TO DO: Set down a true copy of the data, with all pictures left out.

===== DATA FOR ANALYSIS =====

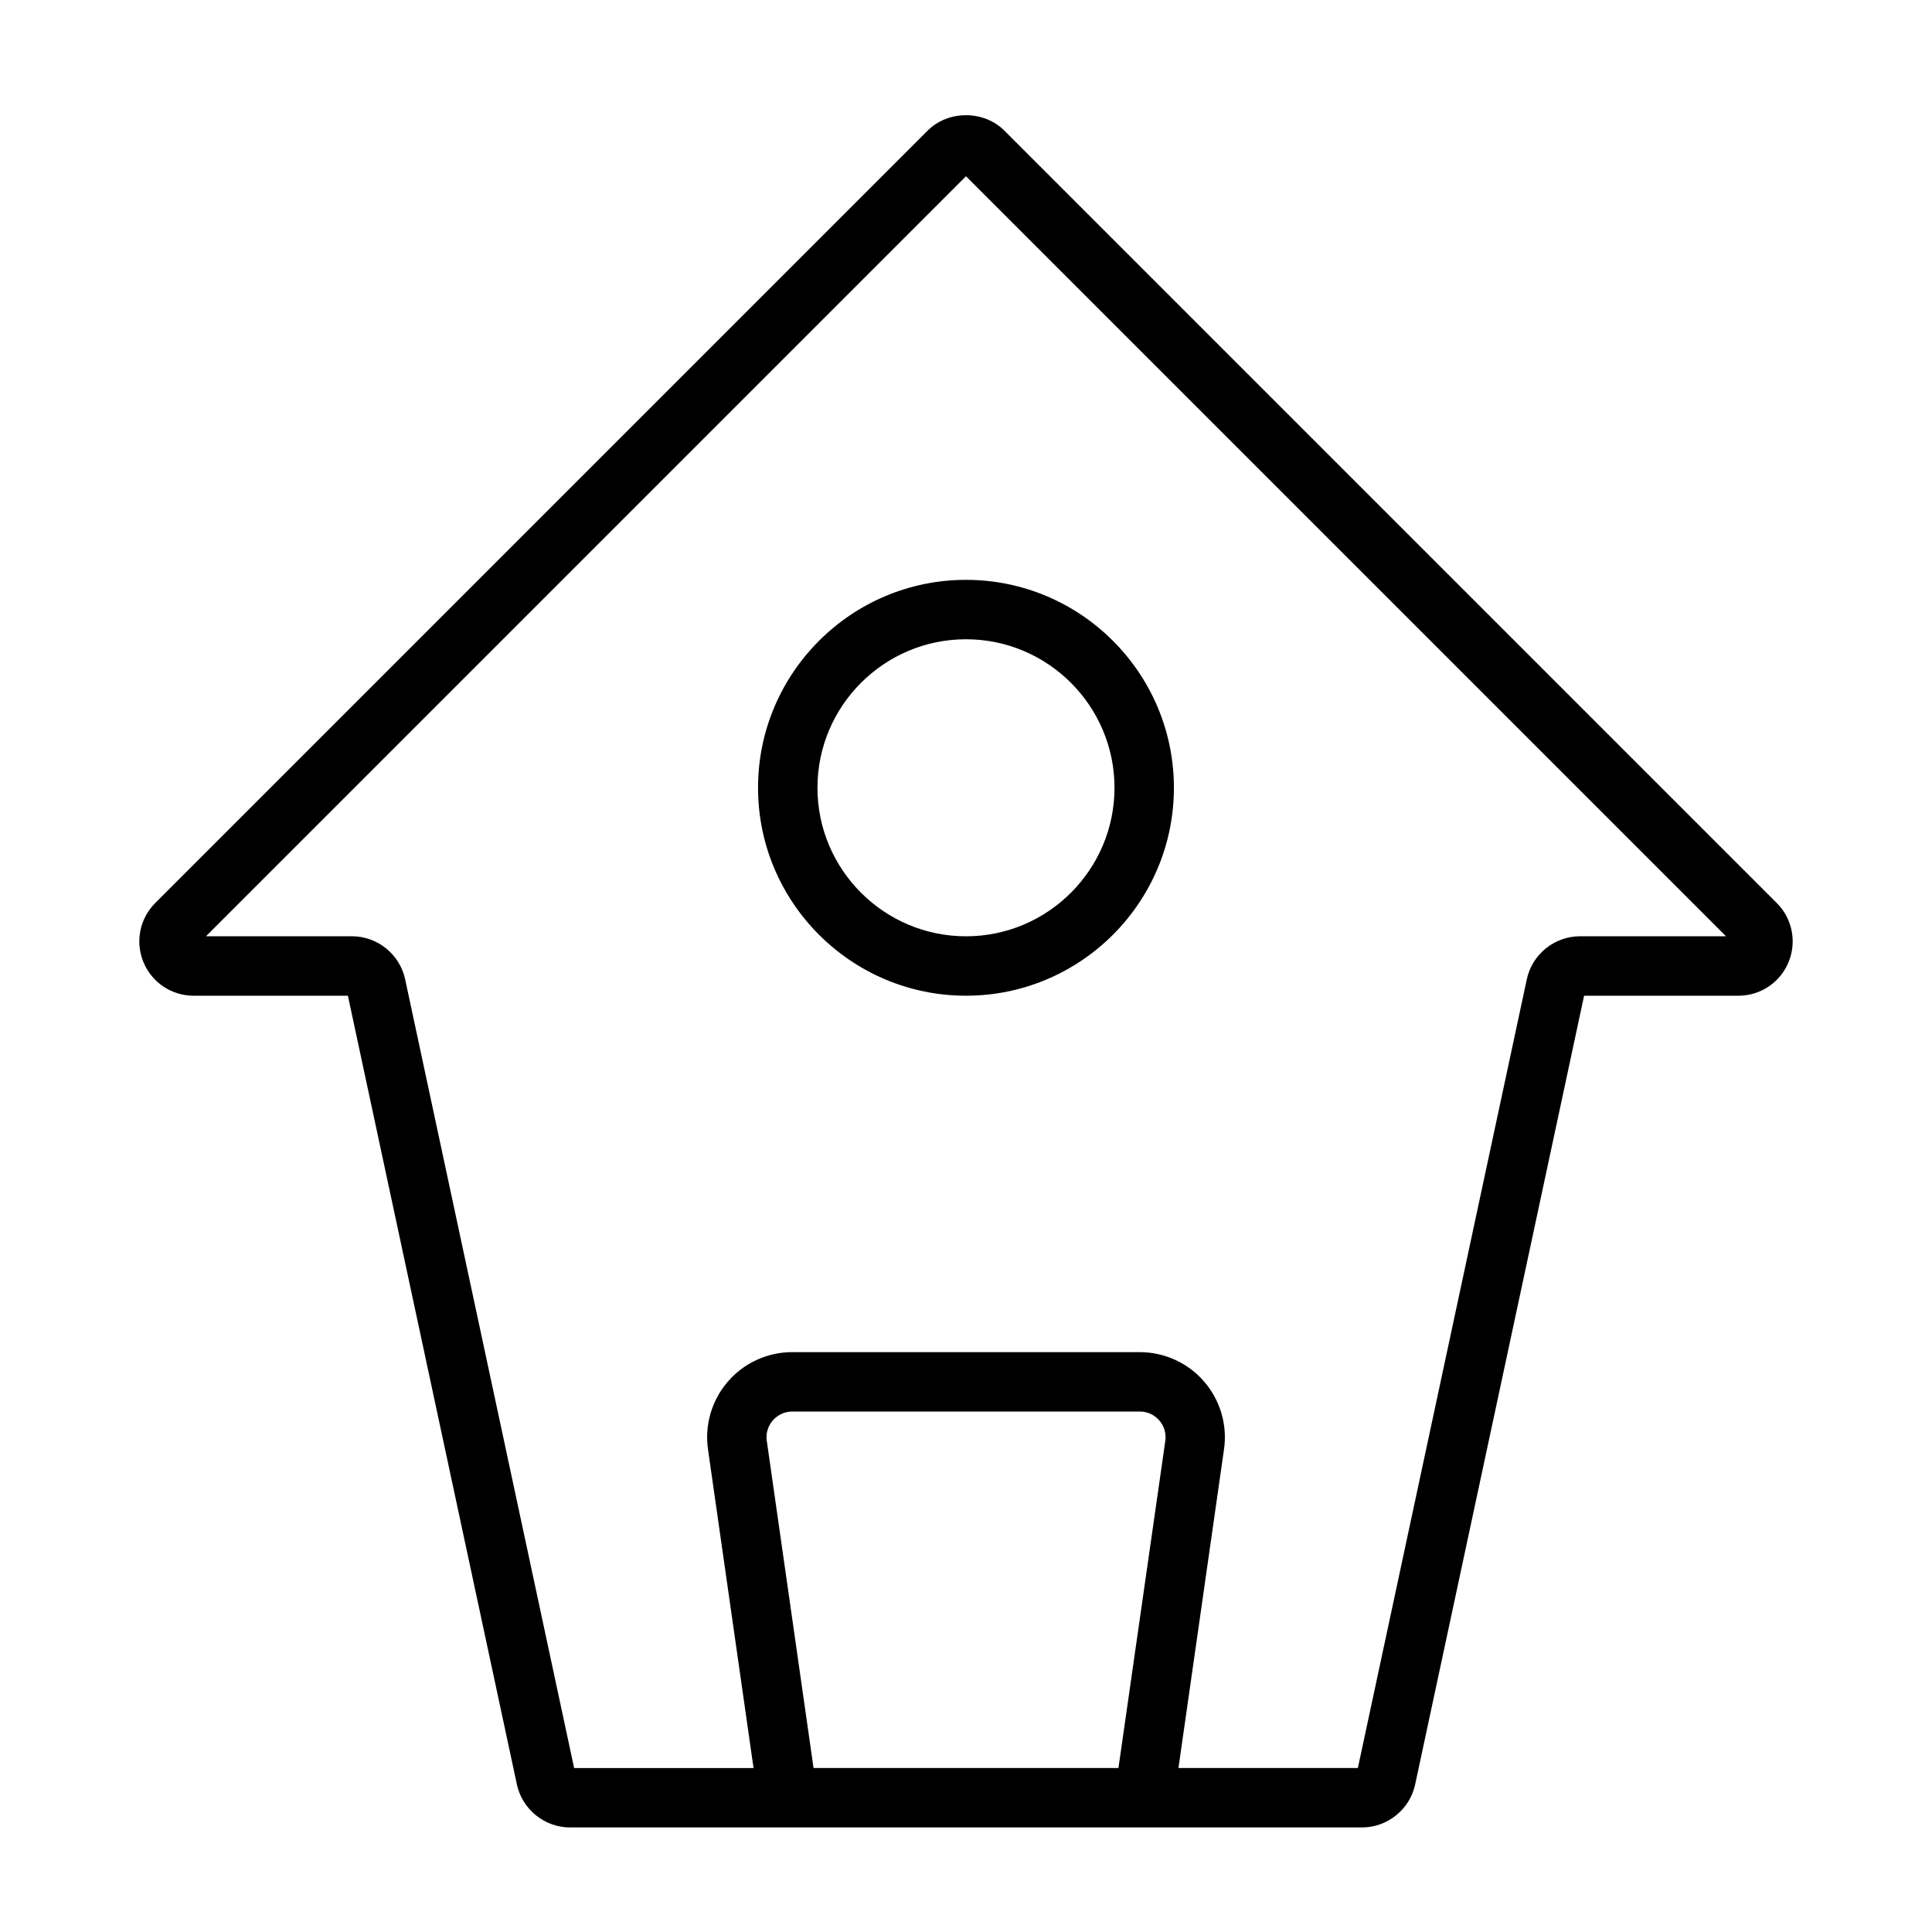 <?xml version="1.0" encoding="UTF-8"?>
<!-- Uploaded to: SVG Repo, www.svgrepo.com, Generator: SVG Repo Mixer Tools -->
<svg fill="#000000" width="800px" height="800px" version="1.1" viewBox="144 144 512 512" xmlns="http://www.w3.org/2000/svg">
 <g>
  <path d="m614.86 383.31-204.69-204.69c-5.434-5.449-14.91-5.449-20.34 0l-204.69 204.69c-4.125 4.125-5.352 10.281-3.117 15.68 2.234 5.402 7.445 8.883 13.285 8.883h40.887l44.793 209.05c1.418 6.582 7.336 11.367 14.074 11.367h209.89c6.738 0 12.66-4.785 14.074-11.367l44.777-209.05h40.887c5.84 0 11.051-3.481 13.289-8.879 2.234-5.402 1.008-11.559-3.117-15.684zm-255.26 229.23-12.391-86.688c-0.379-2.676 0.836-4.566 1.605-5.434s2.441-2.348 5.148-2.348h92.102c2.707 0 4.375 1.465 5.148 2.348 0.77 0.883 1.984 2.754 1.605 5.434l-12.418 86.688zm203.1-220.42c-6.738 0-12.66 4.785-14.074 11.367l-44.777 209.05h-47.547l12.074-84.469c0.93-6.473-1.008-13.02-5.289-17.965-4.285-4.941-10.504-7.773-17.035-7.773h-92.102c-6.551 0-12.754 2.832-17.035 7.777-4.281 4.945-6.219 11.492-5.289 17.98l12.074 84.469h-47.547l-44.793-209.07c-1.418-6.578-7.336-11.367-14.059-11.367h-38.715l201.41-201.41 201.41 201.41z"/>
  <path d="m344.89 352.77c0 30.387 24.719 55.105 55.105 55.105s55.105-24.719 55.105-55.105c-0.004-30.387-24.723-55.102-55.105-55.102-30.387 0-55.105 24.715-55.105 55.102zm94.465 0c0 21.695-17.664 39.359-39.359 39.359s-39.359-17.664-39.359-39.359 17.664-39.359 39.359-39.359 39.359 17.664 39.359 39.359z"/>
 </g>
</svg>

=====

EXERCISE RESULT:
 <?xml version="1.0" encoding="UTF-8"?>
<!-- Uploaded to: SVG Repo, www.svgrepo.com, Generator: SVG Repo Mixer Tools -->
<svg fill="#000000" width="800px" height="800px" version="1.1" viewBox="144 144 512 512" xmlns="http://www.w3.org/2000/svg">
 <g>
  <path d="m614.86 383.31-204.69-204.69c-5.434-5.449-14.91-5.449-20.34 0l-204.69 204.69c-4.125 4.125-5.352 10.281-3.117 15.68 2.234 5.402 7.445 8.883 13.285 8.883h40.887l44.793 209.05c1.418 6.582 7.336 11.367 14.074 11.367h209.89c6.738 0 12.66-4.785 14.074-11.367l44.777-209.05h40.887c5.84 0 11.051-3.481 13.289-8.879 2.234-5.402 1.008-11.559-3.117-15.684zm-255.26 229.23-12.391-86.688c-0.379-2.676 0.836-4.566 1.605-5.434s2.441-2.348 5.148-2.348h92.102c2.707 0 4.375 1.465 5.148 2.348 0.77 0.883 1.984 2.754 1.605 5.434l-12.418 86.688zm203.1-220.42c-6.738 0-12.66 4.785-14.074 11.367l-44.777 209.05h-47.547l12.074-84.469c0.93-6.473-1.008-13.02-5.289-17.965-4.285-4.941-10.504-7.773-17.035-7.773h-92.102c-6.551 0-12.754 2.832-17.035 7.777-4.281 4.945-6.219 11.492-5.289 17.98l12.074 84.469h-47.547l-44.793-209.07c-1.418-6.578-7.336-11.367-14.059-11.367h-38.715l201.41-201.41 201.41 201.41z"/>
  <path d="m344.89 352.77c0 30.387 24.719 55.105 55.105 55.105s55.105-24.719 55.105-55.105c-0.004-30.387-24.723-55.102-55.105-55.102-30.387 0-55.105 24.715-55.105 55.102zm94.465 0c0 21.695-17.664 39.359-39.359 39.359s-39.359-17.664-39.359-39.359 17.664-39.359 39.359-39.359 39.359 17.664 39.359 39.359z"/>
 </g>
</svg>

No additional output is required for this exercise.